4 thoughts on “Doubling Computer Speed”

  1. Haven’t read the paper, and not to denigrate what is probably sound research, but I’m guessing it’s not as big a deal as it sounds. Even this popular paper admits “those figures were only calculated under the hardest workloads”. Amdahl’s Law always gets you in the end.

  2. When I was writing a matrix multiply library for a parallel machine using the i860 I found that it was far better to let the compute kernel over calculate dummy matrix elements of zero rather than bring the floating point pipeline out of super-scalar mode prematurely. You’d get these varying sizes of square compute matrices based on tessellation of a much larger matrix, so that the smaller matrices could be computed in parallel among multiple (in our case, 28) i860s. Also the square sub matrices had to fit in the i860 cache. Because for arbitrary sized matrices the tessellation wasn’t always perfect it was easier to pad the sub-squares with zero column entries and just let the pipeline pour through them. You’d trim them out at the end when gathering back the result matrix in memory.

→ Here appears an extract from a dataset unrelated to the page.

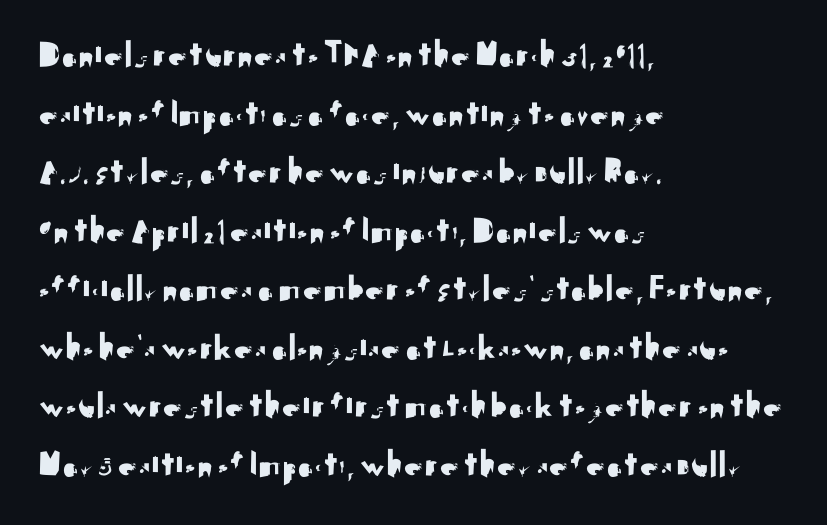
The image shows 38 px sans-serif type, upright; set left-aligned, normal line spacing (1.54x), normal letter spacing, not underlined; medium stroke contrast and a small x-height.
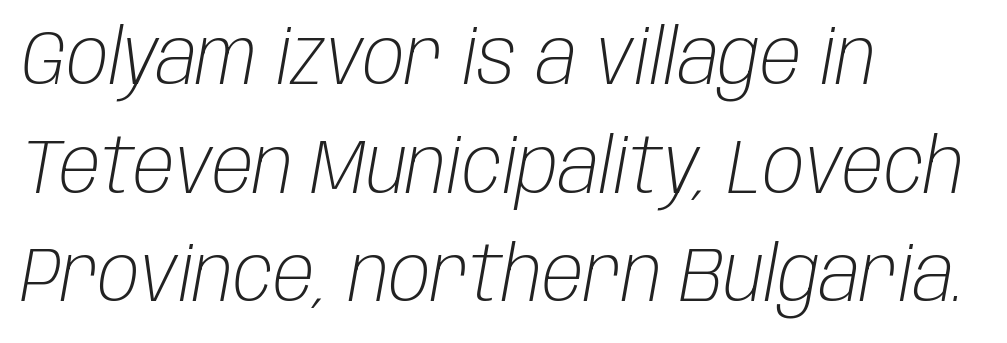
{"italic": "yes", "lean": "right", "slant_degrees": 10, "bold": "no", "weight": "light", "width": "condensed", "stroke_contrast": "low", "x_height": "large", "monospaced": "no", "underline": "no", "align": "left", "line_spacing": "normal", "line_spacing_ratio": 1.41, "letter_spacing": "normal", "letter_spacing_em": 0.0, "glyph_px": 77}

    What a misspent youth…

  3. One thing I’ve thought of is a memory system that allows three simultaneous reads and one write in the same cycle.

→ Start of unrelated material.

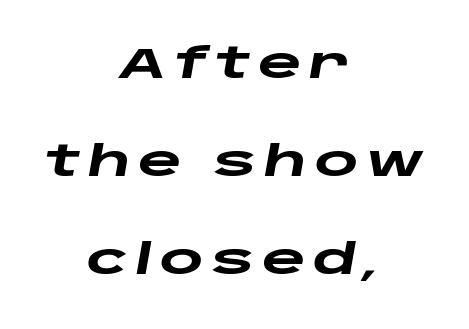
Centered paragraph, ragged on both sides. Descenders hang freely into open space. Would a proofreader flag this as italicized? Yes. You'd pick this weight for a headline — it's a proper bold. Do the characters align in a grid? No, the font is proportional. What's the leading like? Stretched, with rows far apart.
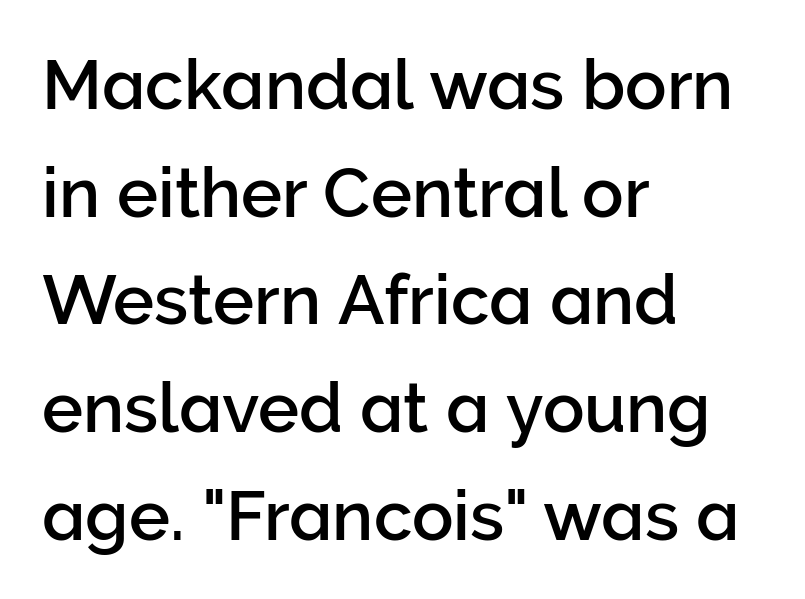
The axis of the letterforms is exactly vertical. Nobody drew a line under any word here. The designer went with a sans here, leaving each stem footless. Honestly, the letter spacing is just normal — you wouldn't notice it. Line starts are locked; line ends wander. The face used here is proportionally spaced, like ordinary book or web type.

    In a static RAM, it’s pretty simple to allow multiple, separate row and column lines to access the same memory cell at the same time, including a write.

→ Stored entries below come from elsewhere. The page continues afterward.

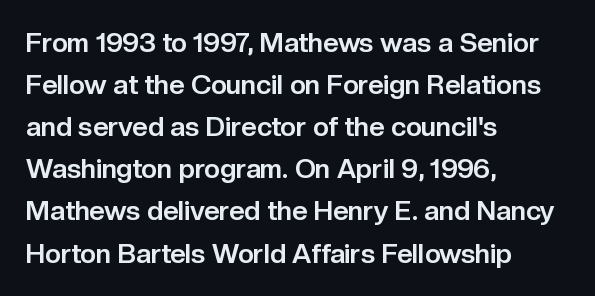
Q: Is the text bold? A: Yes.
Q: Is the text italic (slanted)? A: No, it is upright.
Q: Is the text underlined? A: No.
Q: How is the paragraph aligned? A: Left-aligned.
Q: Is the spacing between letters normal or unusually wide? A: Normal.
Q: Is the spacing between lines tight, normal or loose? A: Normal.

    This would allow each memory access cycle to perform an instruction fetch, two operand reads, and writing a result.
    INSTR dataA dataB outputC, so C = A operation B could be performed in one swoop, where the write is actually the result of the previous memory access, and the instruction read would likewise be leading code execution by one cycle.

    Instead of six transistors per bit, it would take 12 transistors per bit, bit the memory throughput is four times higher, so a doubling of performance. The downside is that the bus needs to be much wider, especially for the instruction and the three memory addresses it specifies. For 32-bit addressing and a 32-bit opcode, it would be 128 bits for the instruction, in parallel with two 64-bit address reads and one 64-bit address write, so 320 bits for the address bus and 64 bits for the data bus, which is a 384 bit total bus width.

    But it might also be an interesting approach to speeding up a single chip microcontroller, where a 16-bit architecture would have a 64-bit address bus and 16 bit data bus, for a 80-bit total bus width, all internal to the chip.

    1. Mind-numbing detail follows. Mostly for George’s benefit. You have been warned…

      The i860 had a 128-bit data path between its cache and registers.

      The fld.q instruction would load four 32-bit single precision floating point registers or two 64-bit double precision floating registers in two cycles if the address hit in cache. It offered an auto-increment addressing operation on the integer side to allow constant stride addressing for vector processing. The integer side and floating point side in super-scalar mode operated concurrently per cycle, i.e. it would dispatch two instructions per cycle.

      The pipelined floating point instructions operated on a per-cycle basis, but it took two additional cycles (for a total of three) from when the first instruction was pushed into the pipeline before you got back the first result that could be stored in a register. However it did support the dual-op multiply add instruction. Meaning you could push two operands into the multiply pipe while the adder got the result of the multiply from two ops back and would add it back to itself in the next cycle while also making its current output available for writing to a register.

      As long as you could keep the pipeline full it would chug along at 3 operations per cycle: fp-multiply, fp-add, ld/st++ or bla (load/store with auto-increment or a branch instruction with a delay slot). You had to take care not to intermingle loads and stores. You had to wait a cycle after a store to turn the internal bus around before you could issue another load instruction. A third type of load, called a pipelined load or pfld for short would allow you to fetch non-cached data asynchronously using a three-stage pipeline to memory. It executed in one cycle but the result loaded into the fp register was from the address issued 3 pfld’s previously.

      We got the full 40MFLOPS (out of a theoretical 40 MFLOPS) on DGEMM (double-precision floating point GEneral Matrix Multiply) and I was able to juice it up to ~68 MFLOPS (out of a theoretical 80 MFLOPS) on SGEMM.

      Not bad for a single chip CPU in 1990.

      With no pfld.q instruction (128-bit access off chip) on the XR we were memory starved on SGEMM. I might have been able to fix that using the XP version of the i860, but the company folded first.